In the past 5 years alone, production times for an 83/4-in. PDC bit have been reduced from 12 to fewer than 5 days.
Although some steps, like the time-and-temperature dependent furnace process, cannot be curtailed, almost every other step may achieve productivity gains through total quality management techniques and improvements in the automation process.
"You want to have the shortest possible lead time in manufacturing so you can supply the bit at the last minute," Illerhaus said. In fact, with the high costs for PDC bits, and the ability to customize drill bit architecture according to application, those operators that choose to use this technology will most certainly gain a competitive advantage by analyzing geologic information real time and ordering their bits as needed.
PDC manufacturing lingo
Language in the manufacturing process, like any other industry, uses specialized words to convey meaning:
Turning involves a process where the object to be worked on, mounted horizontally on a lathe, is shaped by a rotating device. In PDC manufacturing, this process is used to form the mold out of a bar of graphite.
Milling involves a stationary object that is acted upon by a cutting device (the opposite of turning). In PDC manufacturing, this process is used to mill the junk slots, PDC cutter, and fluid nozzle pockets.
Furnacing involves heating a loaded mold, consisting of a carbide powder topped with a binder alloy. Once the binder melts, it will infiltrate through the carbide powder and produce a durable bit body.
Brazing involves soldering a nonferrous metal that melts at a lower temperature than that of the metals being joined. During the brazing process, the braze serves as the glue that binds the PDC cutters to the cutter pockets.
Welding unites metallic parts, of different origin, by heating and allowing the metals to flow together. This process, which is used to join the pin shank and bit crown together in the PDC manufacturing process, changes the material properties of both parts at the interface.
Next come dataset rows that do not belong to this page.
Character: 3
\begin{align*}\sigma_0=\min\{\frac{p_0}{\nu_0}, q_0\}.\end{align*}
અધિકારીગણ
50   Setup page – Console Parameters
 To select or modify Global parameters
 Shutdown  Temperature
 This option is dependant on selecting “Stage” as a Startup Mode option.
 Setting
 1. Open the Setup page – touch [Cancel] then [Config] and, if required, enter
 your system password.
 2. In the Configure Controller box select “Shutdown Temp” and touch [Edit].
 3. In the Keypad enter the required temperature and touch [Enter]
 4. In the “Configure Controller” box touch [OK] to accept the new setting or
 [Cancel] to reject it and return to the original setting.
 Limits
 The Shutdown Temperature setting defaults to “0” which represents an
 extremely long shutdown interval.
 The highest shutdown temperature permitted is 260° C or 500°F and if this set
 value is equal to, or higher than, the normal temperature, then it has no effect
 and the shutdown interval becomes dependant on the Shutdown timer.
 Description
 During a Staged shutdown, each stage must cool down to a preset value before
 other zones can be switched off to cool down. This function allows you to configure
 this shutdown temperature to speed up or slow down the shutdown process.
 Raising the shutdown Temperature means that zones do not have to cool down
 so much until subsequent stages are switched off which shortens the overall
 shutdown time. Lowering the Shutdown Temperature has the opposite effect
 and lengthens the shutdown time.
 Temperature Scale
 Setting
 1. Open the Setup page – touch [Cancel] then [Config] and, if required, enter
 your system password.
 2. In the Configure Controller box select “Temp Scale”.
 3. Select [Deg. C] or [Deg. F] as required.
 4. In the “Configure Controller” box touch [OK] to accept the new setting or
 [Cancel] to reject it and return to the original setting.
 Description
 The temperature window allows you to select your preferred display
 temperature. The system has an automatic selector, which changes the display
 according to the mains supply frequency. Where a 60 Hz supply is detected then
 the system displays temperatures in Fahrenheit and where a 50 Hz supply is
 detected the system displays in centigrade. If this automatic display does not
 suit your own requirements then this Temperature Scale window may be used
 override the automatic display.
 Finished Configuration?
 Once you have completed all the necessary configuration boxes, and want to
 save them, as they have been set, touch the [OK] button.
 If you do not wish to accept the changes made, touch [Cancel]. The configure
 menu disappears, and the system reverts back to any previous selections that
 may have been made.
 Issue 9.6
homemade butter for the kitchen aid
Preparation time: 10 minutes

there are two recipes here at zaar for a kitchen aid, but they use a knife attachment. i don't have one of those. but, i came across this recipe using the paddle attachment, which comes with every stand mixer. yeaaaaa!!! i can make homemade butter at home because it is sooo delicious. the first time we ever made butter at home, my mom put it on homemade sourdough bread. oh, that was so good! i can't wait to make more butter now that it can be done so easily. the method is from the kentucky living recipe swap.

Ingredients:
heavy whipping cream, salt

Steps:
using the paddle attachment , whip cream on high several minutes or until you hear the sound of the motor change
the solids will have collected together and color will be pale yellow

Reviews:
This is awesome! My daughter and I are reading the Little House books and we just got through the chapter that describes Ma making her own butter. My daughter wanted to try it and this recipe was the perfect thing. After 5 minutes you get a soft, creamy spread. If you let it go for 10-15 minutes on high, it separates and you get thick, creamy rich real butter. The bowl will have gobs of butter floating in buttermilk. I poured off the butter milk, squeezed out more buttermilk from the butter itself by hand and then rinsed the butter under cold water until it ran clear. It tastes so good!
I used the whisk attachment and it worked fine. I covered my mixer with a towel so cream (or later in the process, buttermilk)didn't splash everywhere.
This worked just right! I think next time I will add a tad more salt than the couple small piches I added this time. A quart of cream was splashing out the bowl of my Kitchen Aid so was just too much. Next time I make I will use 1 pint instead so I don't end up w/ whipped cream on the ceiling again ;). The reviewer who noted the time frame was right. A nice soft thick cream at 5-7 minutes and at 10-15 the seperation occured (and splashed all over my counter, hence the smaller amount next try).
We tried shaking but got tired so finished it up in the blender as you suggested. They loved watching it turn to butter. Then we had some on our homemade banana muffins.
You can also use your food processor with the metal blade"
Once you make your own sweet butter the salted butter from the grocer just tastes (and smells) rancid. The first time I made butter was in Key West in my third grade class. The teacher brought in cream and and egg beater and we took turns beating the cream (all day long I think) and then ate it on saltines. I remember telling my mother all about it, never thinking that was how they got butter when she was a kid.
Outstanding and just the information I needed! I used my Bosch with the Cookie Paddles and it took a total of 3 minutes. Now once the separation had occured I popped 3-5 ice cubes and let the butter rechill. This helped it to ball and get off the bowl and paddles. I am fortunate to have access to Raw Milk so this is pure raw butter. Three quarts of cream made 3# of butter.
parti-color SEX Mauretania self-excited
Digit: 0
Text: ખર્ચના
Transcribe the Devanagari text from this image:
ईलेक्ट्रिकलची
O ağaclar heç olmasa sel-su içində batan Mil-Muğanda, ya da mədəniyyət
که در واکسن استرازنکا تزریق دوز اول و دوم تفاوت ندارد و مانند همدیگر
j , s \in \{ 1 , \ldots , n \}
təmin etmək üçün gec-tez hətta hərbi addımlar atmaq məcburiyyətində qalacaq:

Displacement refers to an object that is substituted within a preformed pocket to preserve shape and orientation. Because certain materials may be destroyed in the furnace, including PDC cutters, it becomes necessary to use displacements in the PDC manufacturing process.
Flux is a material used to remove oxides that build up on the braze surface during heating. If oxides remain on the braze surface, the braze alloy will not bond the cutter to the pocket.
Alloy, or solder, is the material used during the brazing process that welds or bonds the cutter to the cast matrix body.